### Task material
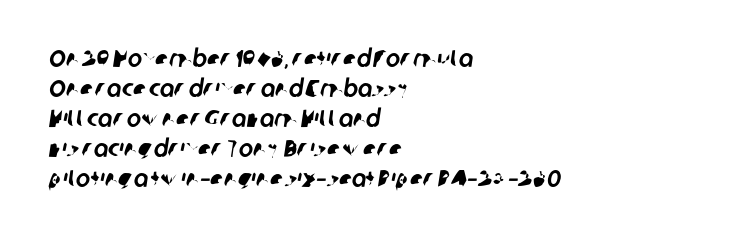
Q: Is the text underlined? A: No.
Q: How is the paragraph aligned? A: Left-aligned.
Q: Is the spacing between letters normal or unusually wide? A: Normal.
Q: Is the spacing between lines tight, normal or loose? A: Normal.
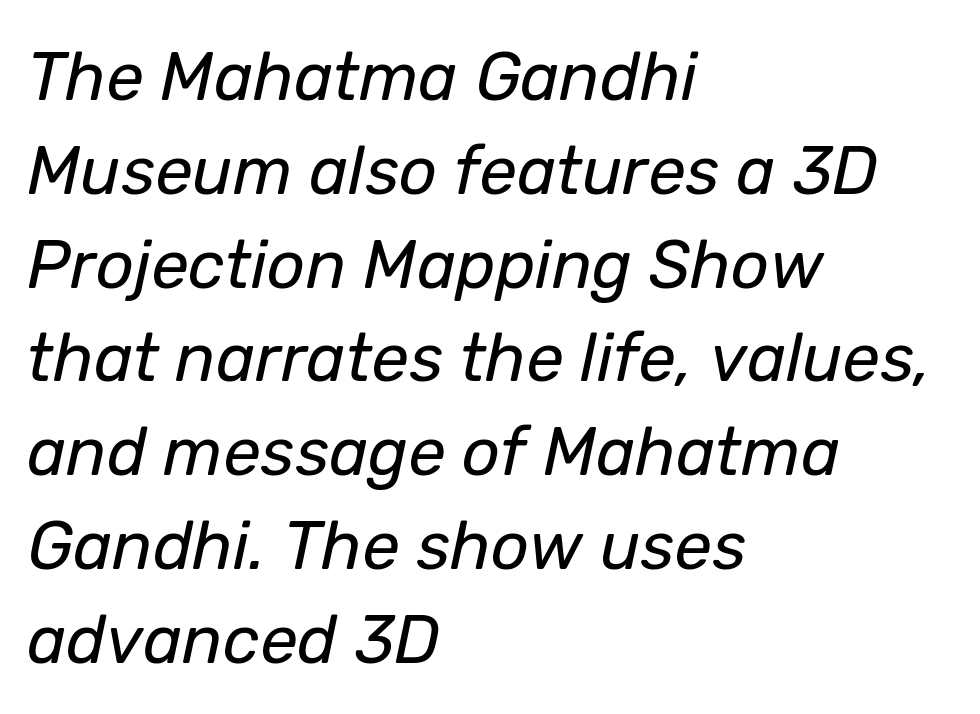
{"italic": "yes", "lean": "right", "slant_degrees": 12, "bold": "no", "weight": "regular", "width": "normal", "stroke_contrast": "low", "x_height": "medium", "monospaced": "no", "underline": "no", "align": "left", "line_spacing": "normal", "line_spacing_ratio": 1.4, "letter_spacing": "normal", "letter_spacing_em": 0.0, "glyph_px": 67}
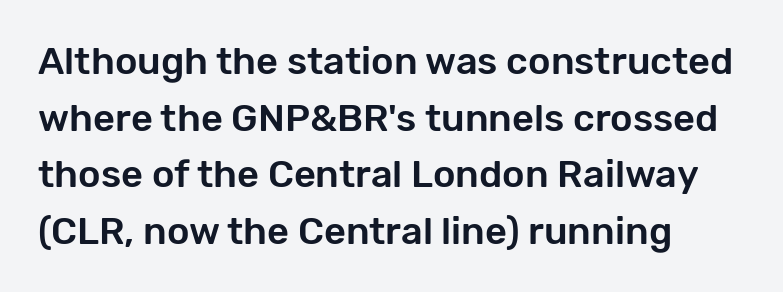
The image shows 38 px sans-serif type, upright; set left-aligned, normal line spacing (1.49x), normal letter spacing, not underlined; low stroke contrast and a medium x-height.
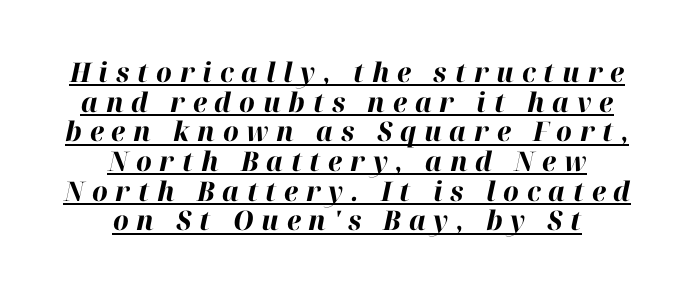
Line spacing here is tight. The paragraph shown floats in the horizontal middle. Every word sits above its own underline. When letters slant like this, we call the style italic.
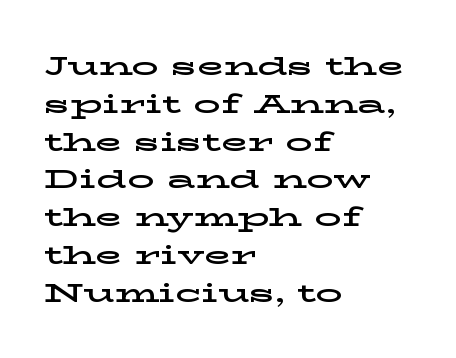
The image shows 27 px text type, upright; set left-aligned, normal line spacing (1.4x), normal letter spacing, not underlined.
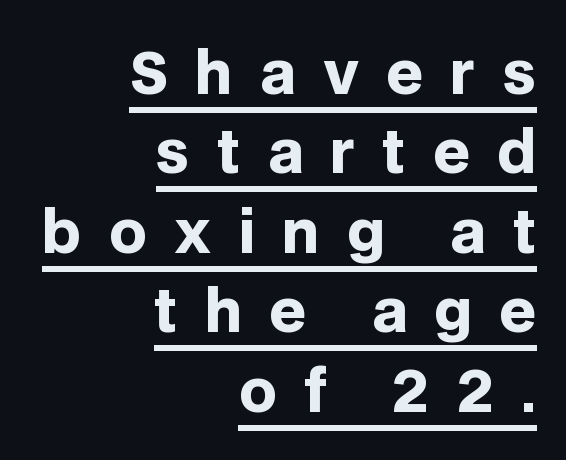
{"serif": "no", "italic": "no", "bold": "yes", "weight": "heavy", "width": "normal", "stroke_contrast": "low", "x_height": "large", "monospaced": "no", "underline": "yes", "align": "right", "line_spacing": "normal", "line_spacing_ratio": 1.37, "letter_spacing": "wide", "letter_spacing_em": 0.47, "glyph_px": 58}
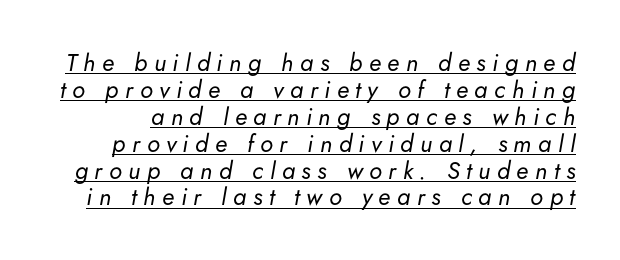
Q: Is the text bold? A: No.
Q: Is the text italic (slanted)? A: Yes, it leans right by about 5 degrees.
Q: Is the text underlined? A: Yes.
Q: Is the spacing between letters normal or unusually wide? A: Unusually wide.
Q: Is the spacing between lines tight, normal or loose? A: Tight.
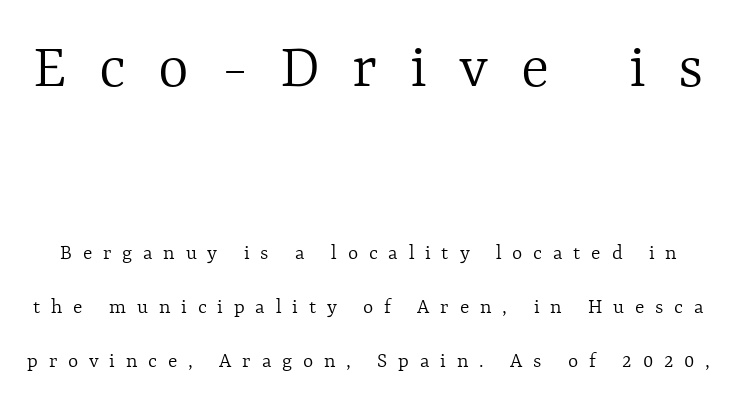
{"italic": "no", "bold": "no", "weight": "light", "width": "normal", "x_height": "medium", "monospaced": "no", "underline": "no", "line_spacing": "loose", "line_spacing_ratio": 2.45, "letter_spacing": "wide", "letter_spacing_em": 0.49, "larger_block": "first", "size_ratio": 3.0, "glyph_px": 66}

### The task
Wherever an image appears in the data, omit it and repeat everything else exactly.

### Response for this exercise
Q: Is the text underlined? A: No.
Q: How is the paragraph aligned? A: Left-aligned.
Q: Is the spacing between letters normal or unusually wide? A: Normal.
Q: Is the spacing between lines tight, normal or loose? A: Normal.
{"italic": "yes", "lean": "right", "slant_degrees": 12, "bold": "no", "weight": "regular", "width": "normal", "stroke_contrast": "low", "x_height": "medium", "monospaced": "no", "underline": "no", "align": "left", "line_spacing": "normal", "line_spacing_ratio": 1.4, "letter_spacing": "normal", "letter_spacing_em": 0.0, "glyph_px": 67}
The image shows 38 px sans-serif type, upright; set left-aligned, normal line spacing (1.49x), normal letter spacing, not underlined; low stroke contrast and a medium x-height.
Line spacing here is tight. The paragraph shown floats in the horizontal middle. Every word sits above its own underline. When letters slant like this, we call the style italic.
The image shows 27 px text type, upright; set left-aligned, normal line spacing (1.4x), normal letter spacing, not underlined.
{"serif": "no", "italic": "no", "bold": "yes", "weight": "heavy", "width": "normal", "stroke_contrast": "low", "x_height": "large", "monospaced": "no", "underline": "yes", "align": "right", "line_spacing": "normal", "line_spacing_ratio": 1.37, "letter_spacing": "wide", "letter_spacing_em": 0.47, "glyph_px": 58}
Q: Is the text bold? A: No.
Q: Is the text italic (slanted)? A: Yes, it leans right by about 5 degrees.
Q: Is the text underlined? A: Yes.
Q: Is the spacing between letters normal or unusually wide? A: Unusually wide.
Q: Is the spacing between lines tight, normal or loose? A: Tight.
{"italic": "no", "bold": "no", "weight": "light", "width": "normal", "x_height": "medium", "monospaced": "no", "underline": "no", "line_spacing": "loose", "line_spacing_ratio": 2.45, "letter_spacing": "wide", "letter_spacing_em": 0.49, "larger_block": "first", "size_ratio": 3.0, "glyph_px": 66}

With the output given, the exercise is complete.